*** Begin section ***

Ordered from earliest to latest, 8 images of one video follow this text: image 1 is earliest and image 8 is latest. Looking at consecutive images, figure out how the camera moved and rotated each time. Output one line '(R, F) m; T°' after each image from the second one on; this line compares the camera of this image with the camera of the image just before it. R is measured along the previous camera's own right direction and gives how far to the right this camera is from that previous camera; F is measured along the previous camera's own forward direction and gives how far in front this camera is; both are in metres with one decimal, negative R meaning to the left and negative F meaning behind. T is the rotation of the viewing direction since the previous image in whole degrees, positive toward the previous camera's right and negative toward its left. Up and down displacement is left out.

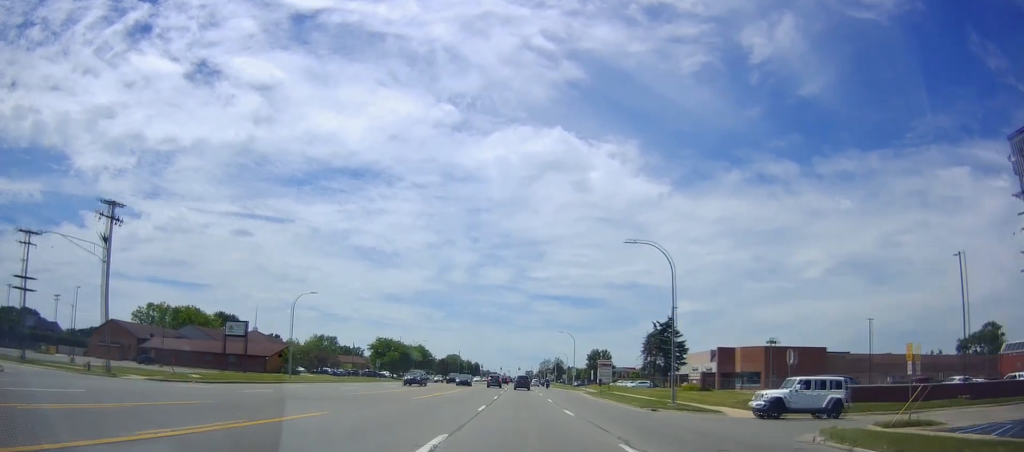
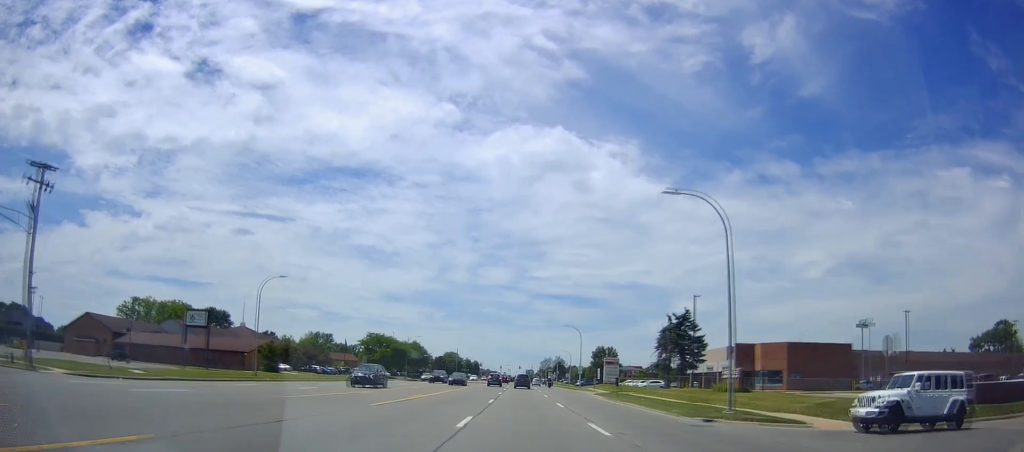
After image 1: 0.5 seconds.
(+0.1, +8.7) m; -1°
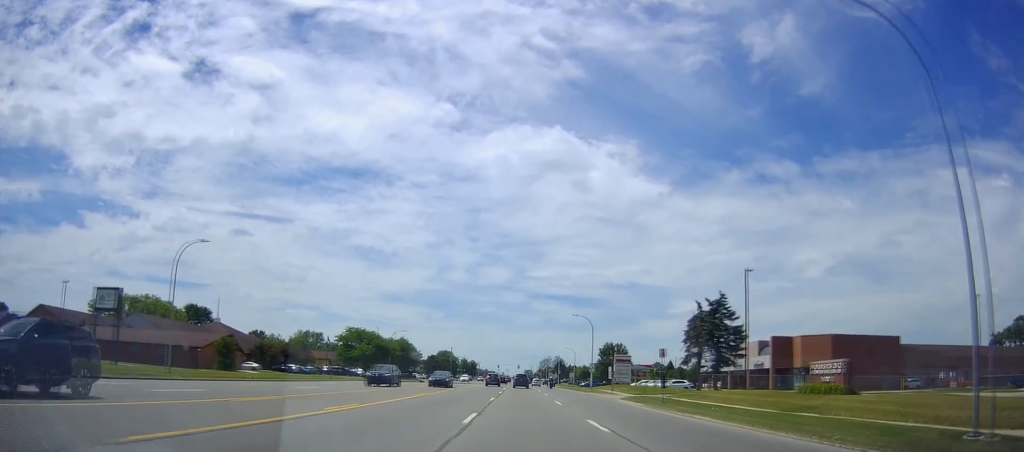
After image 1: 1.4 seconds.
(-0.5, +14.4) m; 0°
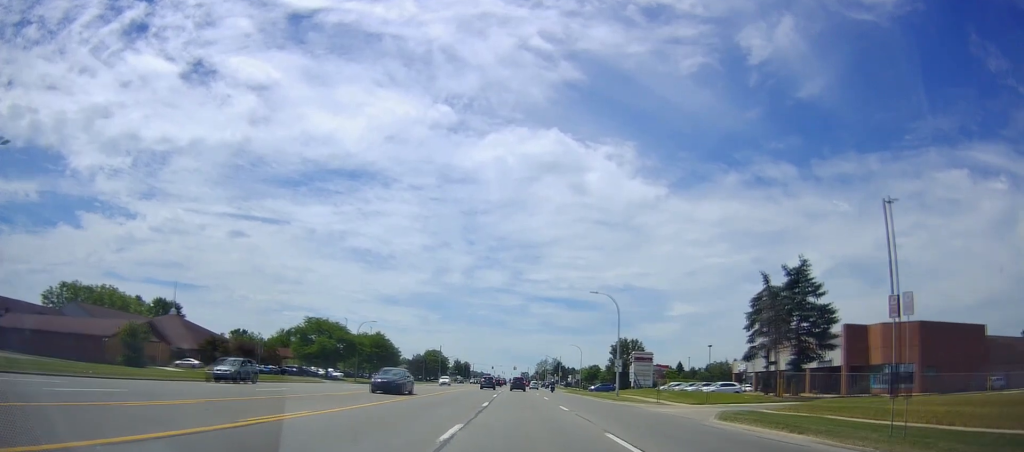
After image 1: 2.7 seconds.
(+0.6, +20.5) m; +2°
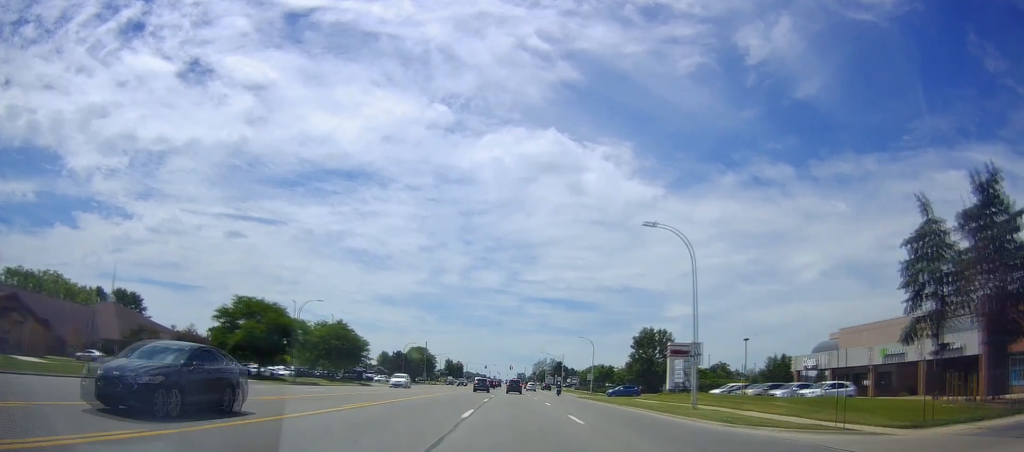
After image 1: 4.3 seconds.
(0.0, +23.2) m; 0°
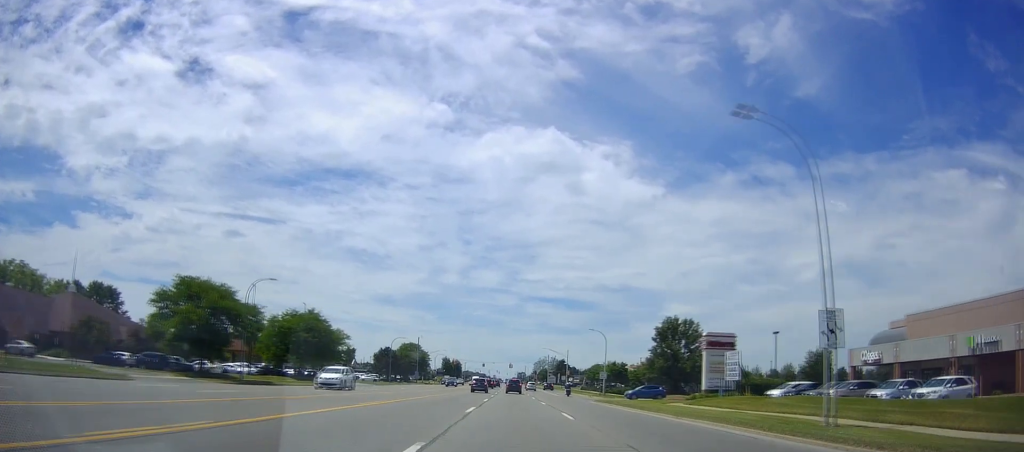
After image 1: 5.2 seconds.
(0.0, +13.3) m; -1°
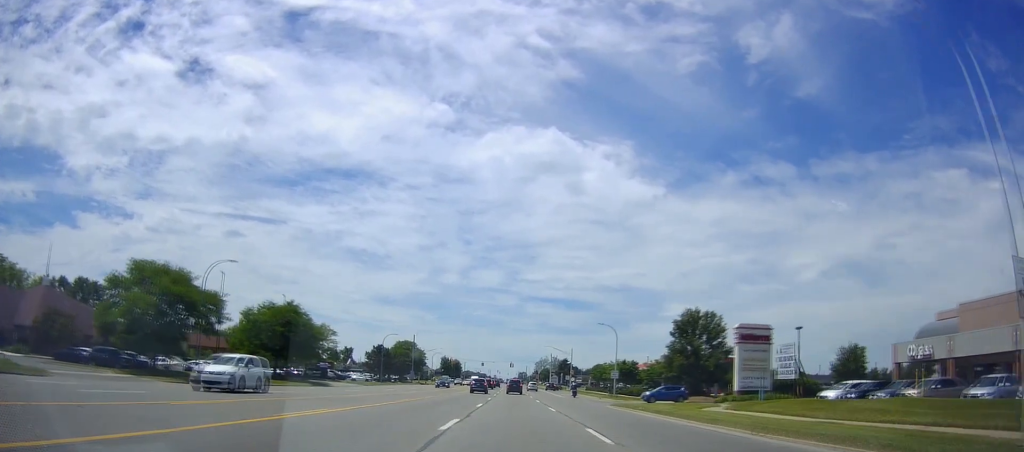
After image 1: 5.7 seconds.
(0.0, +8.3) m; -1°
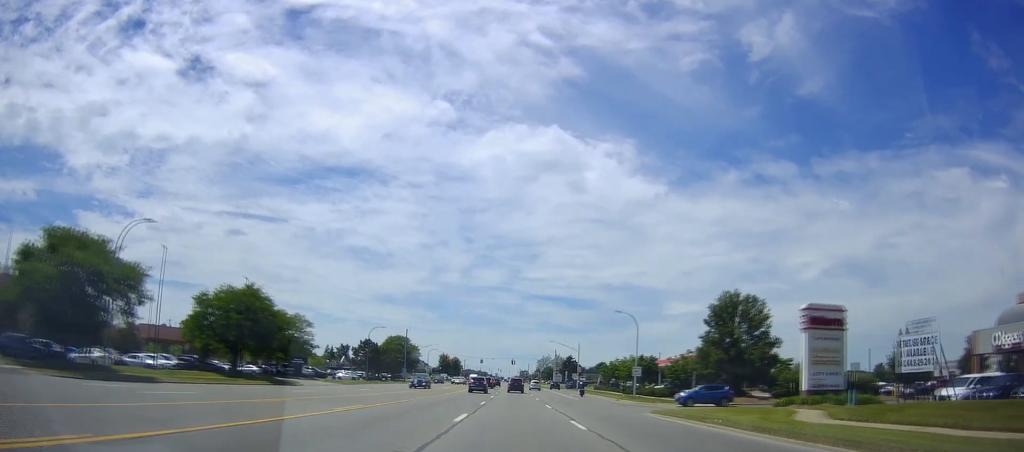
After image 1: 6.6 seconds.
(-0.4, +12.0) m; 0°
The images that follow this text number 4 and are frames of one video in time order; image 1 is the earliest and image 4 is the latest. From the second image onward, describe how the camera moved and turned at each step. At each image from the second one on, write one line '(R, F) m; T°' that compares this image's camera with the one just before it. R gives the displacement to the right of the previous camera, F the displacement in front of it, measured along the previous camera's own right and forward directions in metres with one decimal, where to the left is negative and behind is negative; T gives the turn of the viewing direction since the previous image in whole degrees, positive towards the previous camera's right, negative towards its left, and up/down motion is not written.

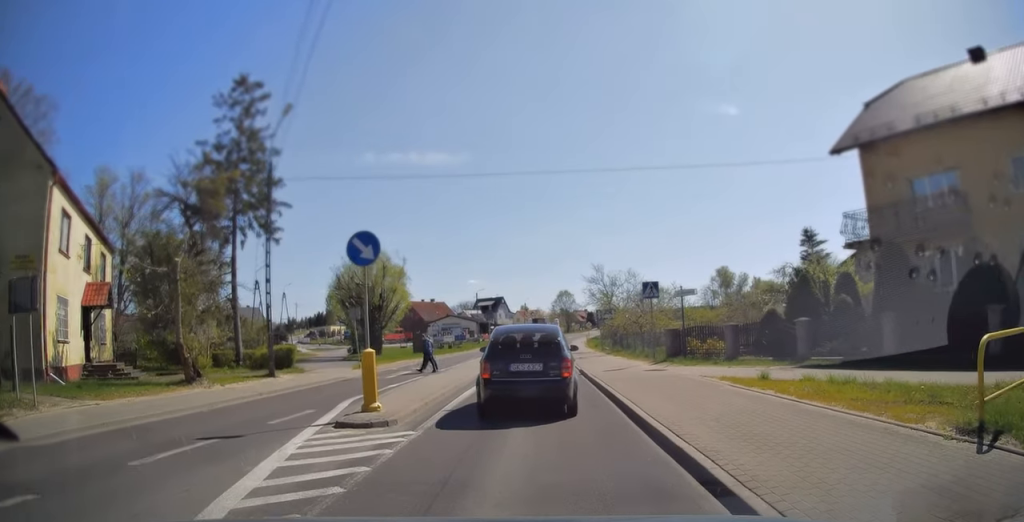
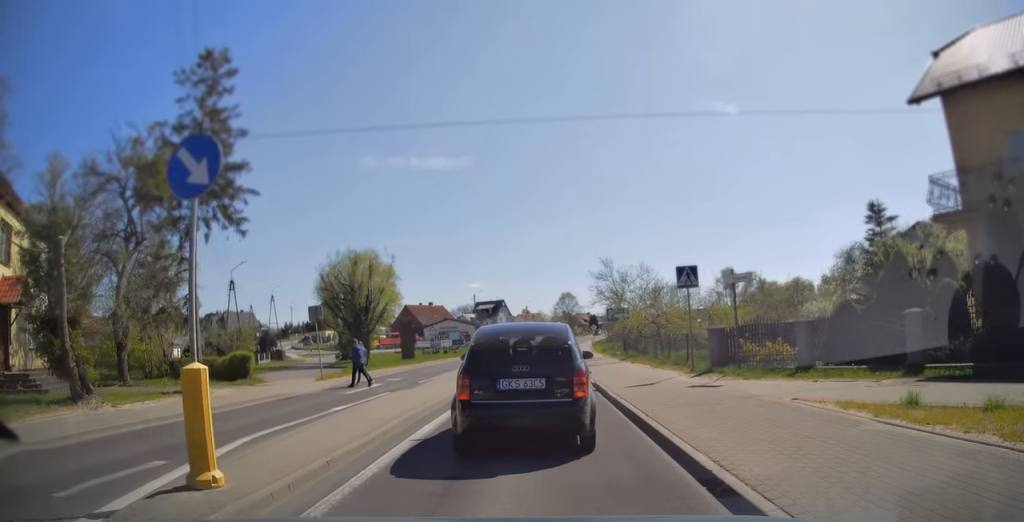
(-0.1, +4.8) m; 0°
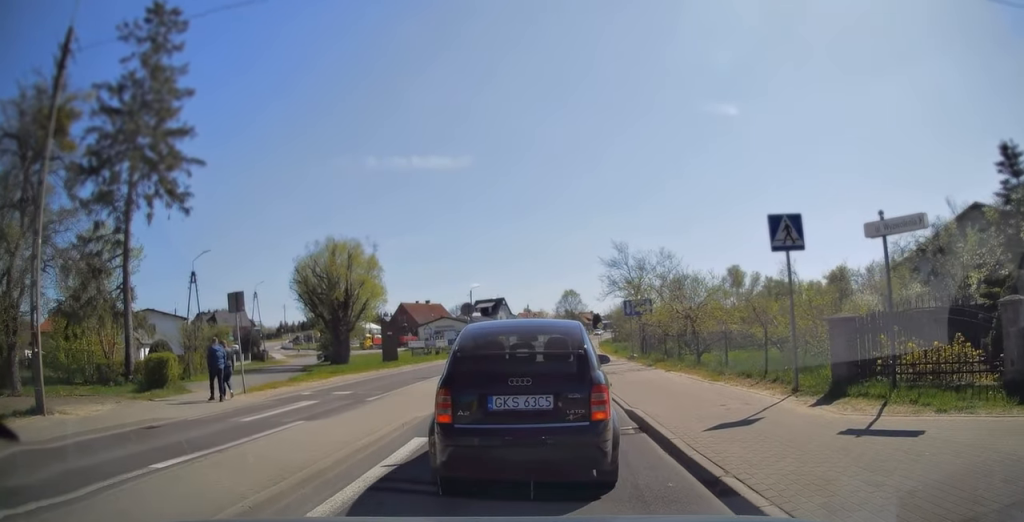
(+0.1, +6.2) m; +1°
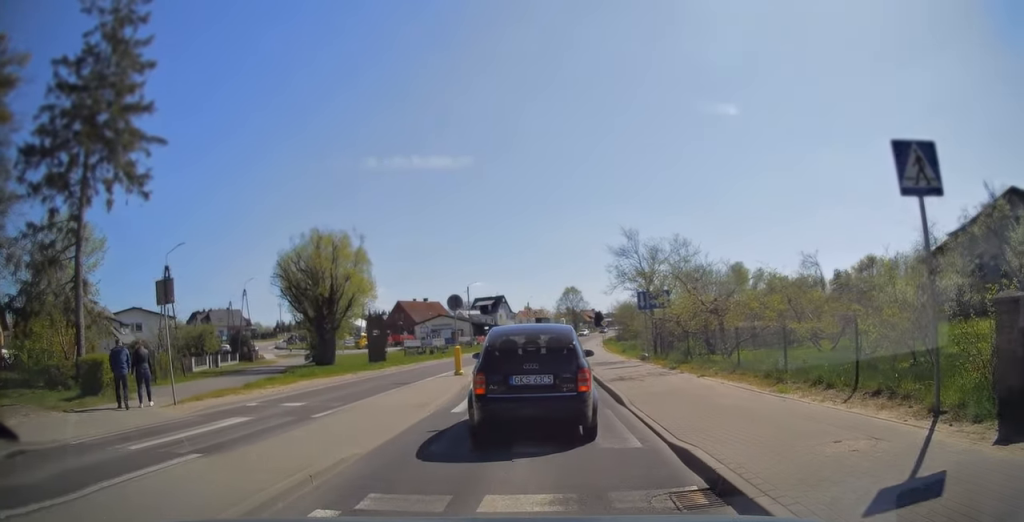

*** End section ***

- TASK STATEMENT -
The answer is the entries above, given again exactly, with no pictures among them.

- EXERCISE RESULT -
Ordered from earliest to latest, 8 images of one video follow this text: image 1 is earliest and image 8 is latest. Looking at consecutive images, figure out how the camera moved and rotated each time. Output one line '(R, F) m; T°' after each image from the second one on; this line compares the camera of this image with the camera of the image just before it. R is measured along the previous camera's own right direction and gives how far to the right this camera is from that previous camera; F is measured along the previous camera's own forward direction and gives how far in front this camera is; both are in metres with one decimal, negative R meaning to the left and negative F meaning behind. T is the rotation of the viewing direction since the previous image in whole degrees, positive toward the previous camera's right and negative toward its left. Up and down displacement is left out.

After image 1: 0.5 seconds.
(+0.1, +8.7) m; -1°
After image 1: 1.4 seconds.
(-0.5, +14.4) m; 0°
After image 1: 2.7 seconds.
(+0.6, +20.5) m; +2°
After image 1: 4.3 seconds.
(0.0, +23.2) m; 0°
After image 1: 5.2 seconds.
(0.0, +13.3) m; -1°
After image 1: 5.7 seconds.
(0.0, +8.3) m; -1°
After image 1: 6.6 seconds.
(-0.4, +12.0) m; 0°
The images that follow this text number 4 and are frames of one video in time order; image 1 is the earliest and image 4 is the latest. From the second image onward, describe how the camera moved and turned at each step. At each image from the second one on, write one line '(R, F) m; T°' that compares this image's camera with the one just before it. R gives the displacement to the right of the previous camera, F the displacement in front of it, measured along the previous camera's own right and forward directions in metres with one decimal, where to the left is negative and behind is negative; T gives the turn of the viewing direction since the previous image in whole degrees, positive towards the previous camera's right, negative towards its left, and up/down motion is not written.

(-0.1, +4.8) m; 0°
(+0.1, +6.2) m; +1°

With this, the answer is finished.